O nanismo promete ganhar mais visibilidade com a série do Fantástico sobre o tema, que estreia neste domingo (22). A série de reportagens especiais traz luz a histórias reais de pessoas que convivem com essa condição, ainda pouco compreendida, mas que enfrenta ainda muito preconceito na sociedade,

Um exemplo é o do médico geneticista Wagner Antonio da Rosa Baratela, do Hospital Sírio Libanês, de 42 anos, que tem uma longa história de luta e resiliência. Nascido com esta condição, ele passou por 25 cirurgias do nascimento aos 14 anos, devido à deformidade óssea característica da displasia diastrófica, e atualmente se locomove com uma scooter.

Ele conta que entrou na Medicina justamente pra entender mais da sua condição e ajudar outras pessoas. Não foi fácil, confessa, mas hoje, ele é um dos principais geneticistas do Brasil relacionado ao nanismo. Na sua infância, a informação sobre nanismo no Brasil era bastante restrita. Então, com muito esforço de sua família e apoio do médico João Thomazelli, ele buscou tratamento nos Estados Unidos.

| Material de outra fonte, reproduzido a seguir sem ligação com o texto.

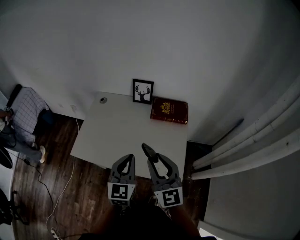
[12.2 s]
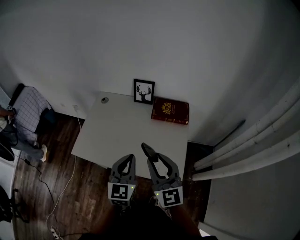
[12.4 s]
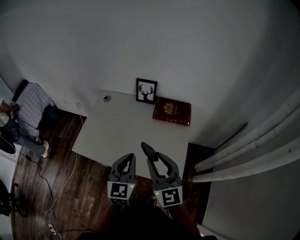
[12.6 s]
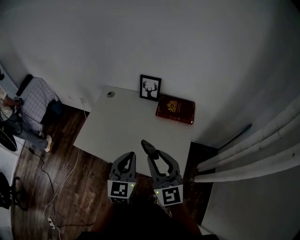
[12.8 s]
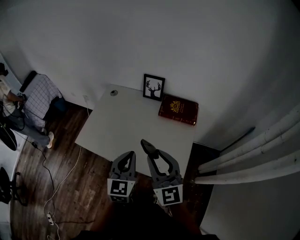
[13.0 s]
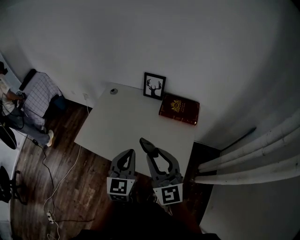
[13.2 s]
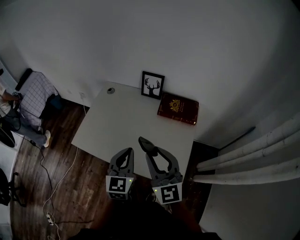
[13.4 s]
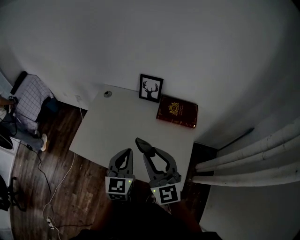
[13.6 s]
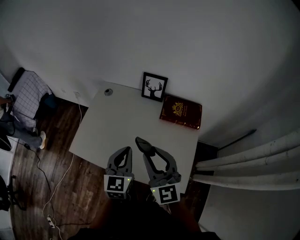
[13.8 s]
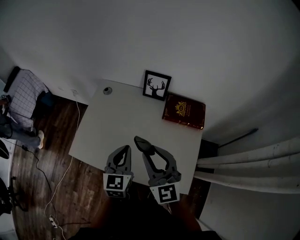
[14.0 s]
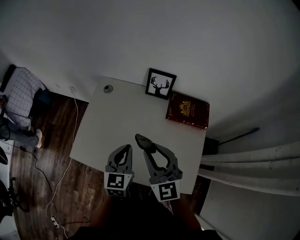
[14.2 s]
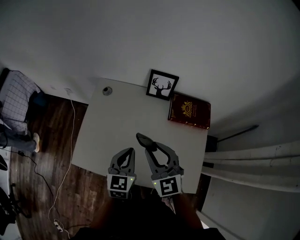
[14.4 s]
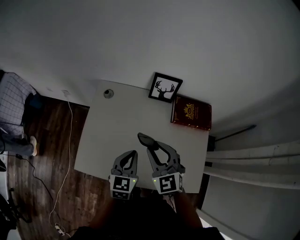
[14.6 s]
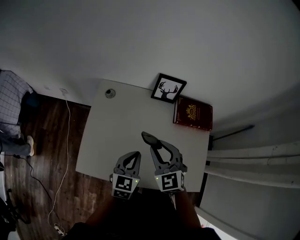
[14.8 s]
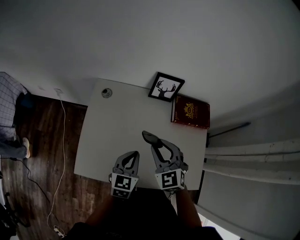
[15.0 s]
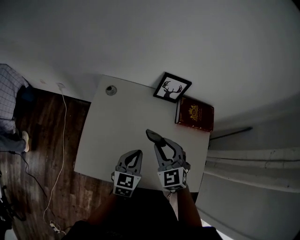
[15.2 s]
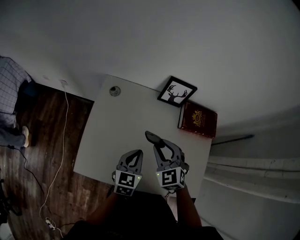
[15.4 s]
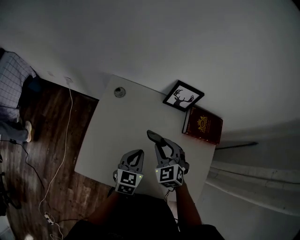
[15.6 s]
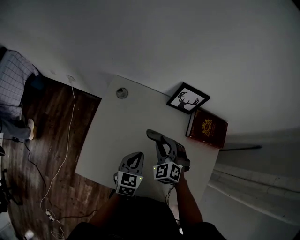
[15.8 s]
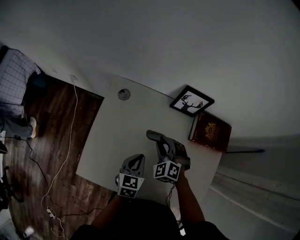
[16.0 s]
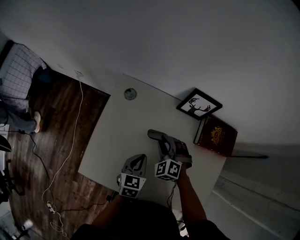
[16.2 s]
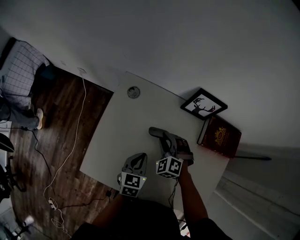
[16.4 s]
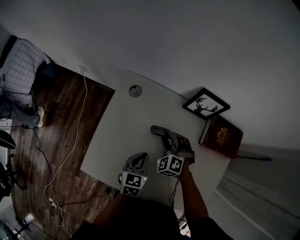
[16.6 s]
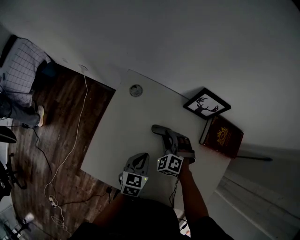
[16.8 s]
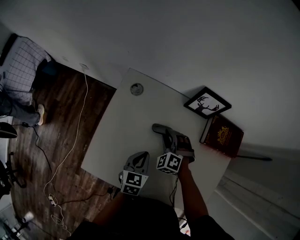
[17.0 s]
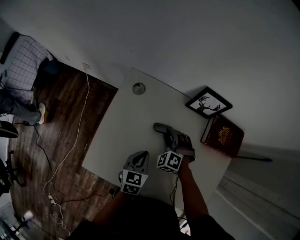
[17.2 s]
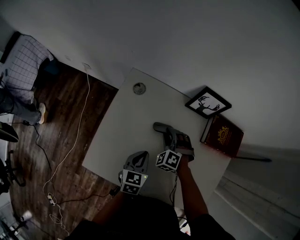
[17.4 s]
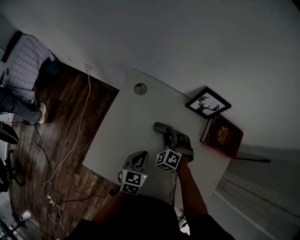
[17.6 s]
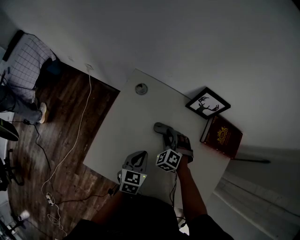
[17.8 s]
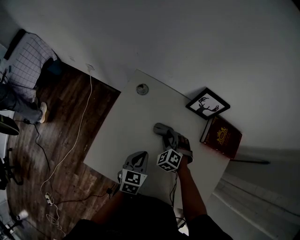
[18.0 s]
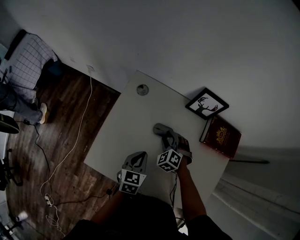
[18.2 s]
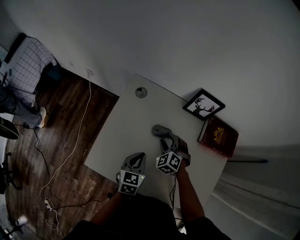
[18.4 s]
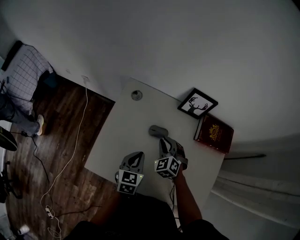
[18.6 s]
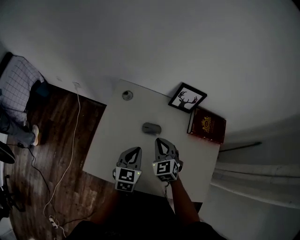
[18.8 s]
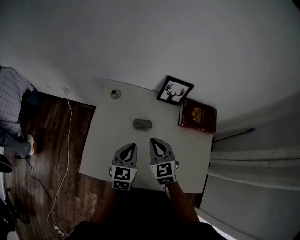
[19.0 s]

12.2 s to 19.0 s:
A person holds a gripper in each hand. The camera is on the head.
12.2 to 13.6 s: Both grippers travel together forward, some 5 cm.
13.6 to 15.0 s: Both grippers move forward, to the left and downward, roughly 25 cm. The left gripper changes its angle by some 30 degrees. Meanwhile the right gripper changes its angle by about 30 degrees.
15.0 to 16.2 s: The left gripper travels downward and forward by about 10 cm. The right gripper moves downward and forward, about 20 cm, and rotates roughly 30 degrees.
16.2 to 17.6 s: There are only small adjustments of the grippers.
17.6 to 19.0 s: The right gripper shifts roughly 20 cm upward and backward, rotates around the line of its fingers by about 40 degrees, clockwise from behind, and closes up; the left gripper is displaced upward by approximately 10 cm.

Antigamente a Medicina diferenciava apenas dois tipos de Nanismo: a Acondroplasia, que é o tipo mais comum caracterizado por uma desproporção de membros mais importantes do que o tronco, e a Síndrome de Mórquio ou Doença de Mórquio, que era o contrário, o tronco era mais curto em relação aos membros.

Hoje já são identificados mais de 500 tipos raros de nanismo. O mais comum ainda é a Acondroplasia, que acomete 1 a cada 7 mil pacientes e 90% dessas pessoas com esse tipo de nanismo tem pais com estatura média.

Hoje, acredita que estamos em tempos de otimismo. “Estamos vendo tratamentos novos aparecendo. A gente espera que os filhos e as próximas gerações tenham menos complicações e que não precisem passar por tantas cirurgias como eu passei”, afirma.

Luta por direitos começou há 40 anos no Brasil

A luta por pessoas com nanismo começou há mais de 40 anos, quando o pai do dr Wagner Baratela, junto com outras famílias, criou a associação chamada Gente Pequena, uma cópia da Little People dos Estados Unidos.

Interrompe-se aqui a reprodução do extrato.